Mr. Bailey has upended carefully laid $50 million plans by Illinois Republican leaders to nominate Mayor Richard C. Irvin of Aurora, a moderate suburbanite with an inspiring personal story who they believed could win back the governor’s mansion in Springfield in what is widely forecast to be a winning year for Republicans.

Mr. Bailey has been aided by an unprecedented intervention from Mr. Pritzker and the Pritzker-funded Democratic Governors Association, which have spent nearly $35 million combined attacking Mr. Irvin while trying to lift Mr. Bailey. No candidate for any office is believed to have ever spent more to meddle in another party’s primary.

The Illinois governor’s race is now on track to become the most expensive campaign for a nonpresidential office in American history.

Public and private polling ahead of Tuesday’s primary shows Mr. Bailey with a lead of 15 percentage points over Mr. Irvin and four other candidates. His strength signals the broader shift in Republican politics across the country, away from urban power brokers and toward a rural base that demands fealty to a far-right agenda aligned with Mr. Trump.

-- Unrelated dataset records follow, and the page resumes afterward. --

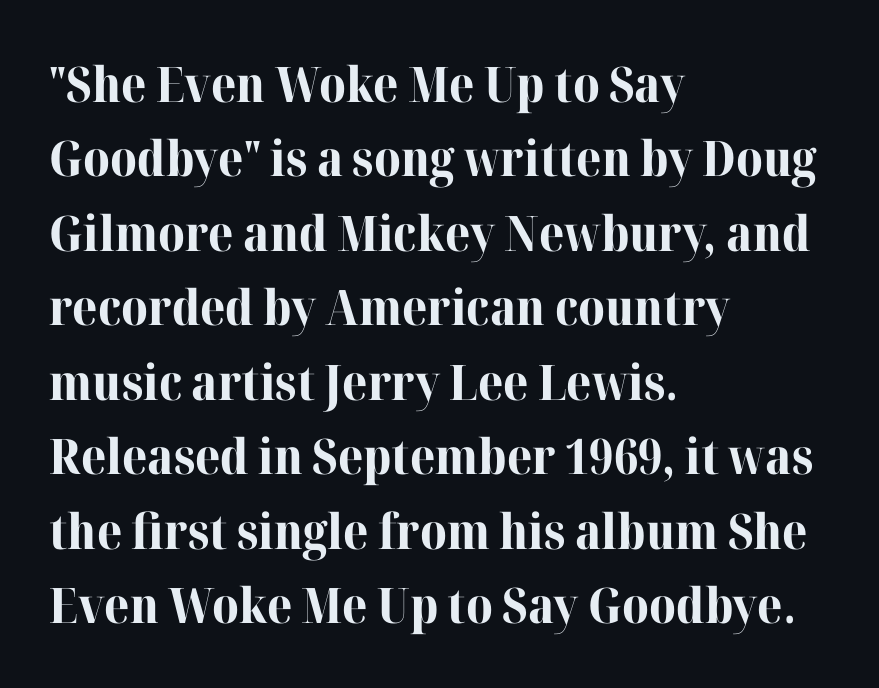
Q: Is the text bold? A: Yes.
Q: Is the text italic (slanted)? A: No, it is upright.
Q: Is the typeface a serif or a sans-serif typeface? A: Serif.
Q: Is the text underlined? A: No.
Q: How is the paragraph aligned? A: Left-aligned.
Q: Is the spacing between letters normal or unusually wide? A: Normal.
Q: Is the spacing between lines tight, normal or loose? A: Normal.
Q: Width (condensed, normal, or wide)? A: Normal.
Q: Stroke contrast? A: High.
Q: x-height? A: Medium.
Q: Monospaced? A: No.
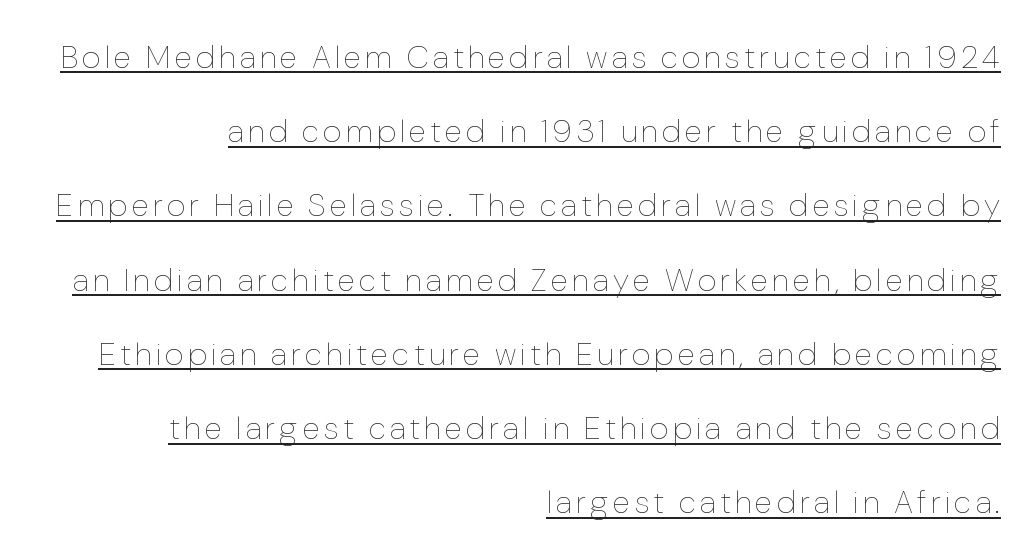
Q: Is the text bold? A: No.
Q: Is the text italic (slanted)? A: No, it is upright.
Q: Is the text underlined? A: Yes.
Q: How is the paragraph aligned? A: Right-aligned.
Q: Is the spacing between lines tight, normal or loose? A: Loose.
Q: Width (condensed, normal, or wide)? A: Normal.
Q: Stroke contrast? A: Low.
Q: x-height? A: Medium.
Q: Monospaced? A: No.

For Mr. Bailey, the proposal to excise Chicago, which he called “a hellhole” during a televised debate last month, encapsulates the grievances long felt across rural Central and Southern Illinois — places culturally far afield and long resentful of the politically dominant big city.

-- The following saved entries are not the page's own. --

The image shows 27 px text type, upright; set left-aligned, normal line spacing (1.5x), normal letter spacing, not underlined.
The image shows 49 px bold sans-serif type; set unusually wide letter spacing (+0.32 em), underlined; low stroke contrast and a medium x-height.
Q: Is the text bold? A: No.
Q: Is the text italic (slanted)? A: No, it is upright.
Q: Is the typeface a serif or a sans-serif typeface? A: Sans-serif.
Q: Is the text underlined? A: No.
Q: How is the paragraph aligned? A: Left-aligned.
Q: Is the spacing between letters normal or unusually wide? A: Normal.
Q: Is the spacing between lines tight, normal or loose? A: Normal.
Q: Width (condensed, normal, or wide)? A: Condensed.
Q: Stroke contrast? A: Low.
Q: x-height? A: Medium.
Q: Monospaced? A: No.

“The rest of the 90 percent of the land mass is not real happy about how 10 percent of the land mass is directing things,” Mr. Bailey said in an interview aboard his campaign bus outside a bar in Green Valley, a village of 700 people south of Peoria. “A large amount of people outside of that 10 percent don’t have a voice, and that’s a problem.”

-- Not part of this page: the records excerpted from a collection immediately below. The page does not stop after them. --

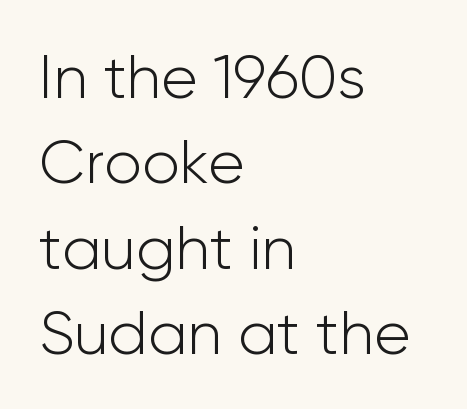
The image shows 61 px light sans-serif type, upright; set left-aligned, normal line spacing (1.4x), normal letter spacing, not underlined; low stroke contrast and a medium x-height.
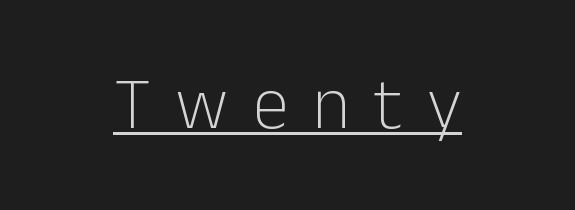
The image shows 73 px light sans-serif type, upright; set centered, unusually wide letter spacing (+0.33 em), underlined; low stroke contrast and a medium x-height.
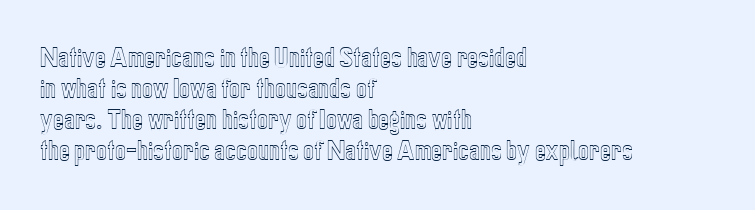
Q: Is the text italic (slanted)? A: No, it is upright.
Q: Is the text underlined? A: No.
Q: How is the paragraph aligned? A: Left-aligned.
Q: Is the spacing between letters normal or unusually wide? A: Normal.
Q: Is the spacing between lines tight, normal or loose? A: Normal.

That pitch has resonated with the conservative voters flocking to Mr. Bailey, who seemed to compare Mr. Irvin to Satan during a Facebook Live monologue in February.

“Everything that we pay and do supports Chicago,” said Pam Page, a security analyst at State Farm Insurance from McLean, Ill., who came to see Mr. Bailey in Lincoln. “Downstate just never seems to get any of the perks or any of the kickbacks.
 It's an ugly reminder that about three-quarters of Illinois lives in Chicagoland, and the other three mil and change live in the state of West Indiana, and a hell of a lot of West Indianans want Chicagoland to go screw themselves and be their own thing.

Of course, coming from these assholes, "Chicago" means "Black People" and they absolutely want them out of the state, if not out of the country.

So yes, nominating the extremely racist Republican in the state with only 60% white voters seems like a bad idea for the GOP.

As long as the racist doesn't actually, you know, win.